▸ Task statement: Leave out the images; return the rest of the data exactly.

──────

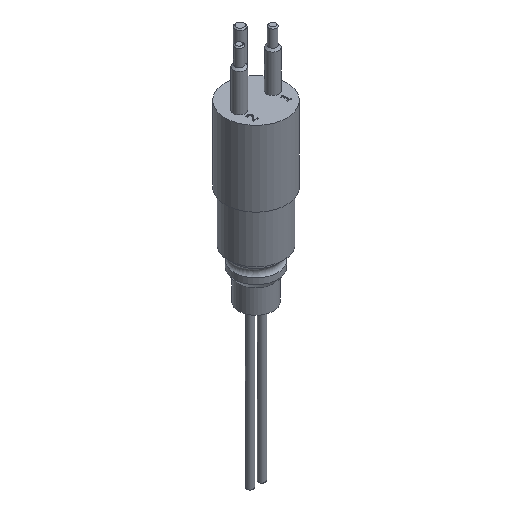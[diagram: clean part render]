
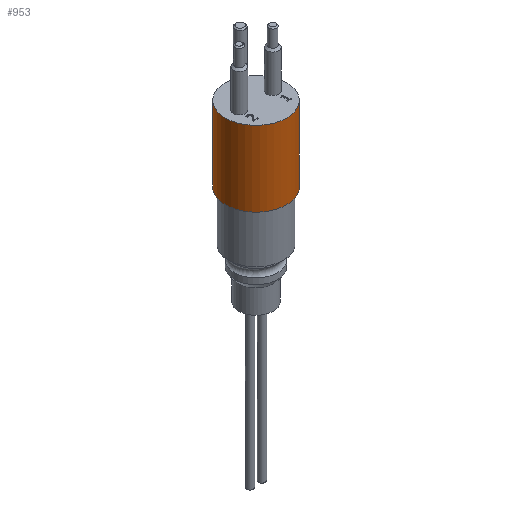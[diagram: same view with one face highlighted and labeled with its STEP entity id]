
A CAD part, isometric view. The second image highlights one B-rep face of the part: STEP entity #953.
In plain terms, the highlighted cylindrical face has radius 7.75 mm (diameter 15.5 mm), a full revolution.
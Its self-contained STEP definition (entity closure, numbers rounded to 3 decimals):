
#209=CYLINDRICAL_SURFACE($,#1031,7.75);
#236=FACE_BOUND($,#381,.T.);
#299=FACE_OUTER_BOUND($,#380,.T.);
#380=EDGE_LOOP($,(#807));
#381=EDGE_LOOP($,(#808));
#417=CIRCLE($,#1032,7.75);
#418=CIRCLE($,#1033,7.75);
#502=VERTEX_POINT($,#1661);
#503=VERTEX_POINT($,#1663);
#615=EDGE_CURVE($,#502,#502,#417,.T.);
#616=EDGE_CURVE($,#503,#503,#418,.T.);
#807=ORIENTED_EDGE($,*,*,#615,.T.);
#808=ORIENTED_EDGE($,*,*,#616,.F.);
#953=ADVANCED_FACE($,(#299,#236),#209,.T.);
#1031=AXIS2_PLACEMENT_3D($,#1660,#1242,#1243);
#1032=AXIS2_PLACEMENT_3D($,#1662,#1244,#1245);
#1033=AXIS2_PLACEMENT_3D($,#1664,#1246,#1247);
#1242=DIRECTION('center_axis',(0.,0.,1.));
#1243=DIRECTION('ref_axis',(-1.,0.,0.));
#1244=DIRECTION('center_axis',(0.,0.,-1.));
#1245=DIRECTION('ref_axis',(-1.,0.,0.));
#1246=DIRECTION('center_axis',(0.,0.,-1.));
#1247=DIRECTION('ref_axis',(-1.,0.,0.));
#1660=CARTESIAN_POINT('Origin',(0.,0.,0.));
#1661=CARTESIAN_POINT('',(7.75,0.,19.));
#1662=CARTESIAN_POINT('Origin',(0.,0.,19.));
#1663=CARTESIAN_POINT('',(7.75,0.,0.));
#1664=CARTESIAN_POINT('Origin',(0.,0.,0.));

──────

▸ Reply:
[diagram: clean part render]
[diagram: same view with one face highlighted and labeled with its STEP entity id]
A CAD part, isometric view. The second image highlights one B-rep face of the part: STEP entity #953.
In plain terms, the highlighted cylindrical face has radius 7.75 mm (diameter 15.5 mm), a full revolution.
Its self-contained STEP definition (entity closure, numbers rounded to 3 decimals):
#209=CYLINDRICAL_SURFACE($,#1031,7.75);
#236=FACE_BOUND($,#381,.T.);
#299=FACE_OUTER_BOUND($,#380,.T.);
#380=EDGE_LOOP($,(#807));
#381=EDGE_LOOP($,(#808));
#417=CIRCLE($,#1032,7.75);
#418=CIRCLE($,#1033,7.75);
#502=VERTEX_POINT($,#1661);
#503=VERTEX_POINT($,#1663);
#615=EDGE_CURVE($,#502,#502,#417,.T.);
#616=EDGE_CURVE($,#503,#503,#418,.T.);
#807=ORIENTED_EDGE($,*,*,#615,.T.);
#808=ORIENTED_EDGE($,*,*,#616,.F.);
#953=ADVANCED_FACE($,(#299,#236),#209,.T.);
#1031=AXIS2_PLACEMENT_3D($,#1660,#1242,#1243);
#1032=AXIS2_PLACEMENT_3D($,#1662,#1244,#1245);
#1033=AXIS2_PLACEMENT_3D($,#1664,#1246,#1247);
#1242=DIRECTION('center_axis',(0.,0.,1.));
#1243=DIRECTION('ref_axis',(-1.,0.,0.));
#1244=DIRECTION('center_axis',(0.,0.,-1.));
#1245=DIRECTION('ref_axis',(-1.,0.,0.));
#1246=DIRECTION('center_axis',(0.,0.,-1.));
#1247=DIRECTION('ref_axis',(-1.,0.,0.));
#1660=CARTESIAN_POINT('Origin',(0.,0.,0.));
#1661=CARTESIAN_POINT('',(7.75,0.,19.));
#1662=CARTESIAN_POINT('Origin',(0.,0.,19.));
#1663=CARTESIAN_POINT('',(7.75,0.,0.));
#1664=CARTESIAN_POINT('Origin',(0.,0.,0.));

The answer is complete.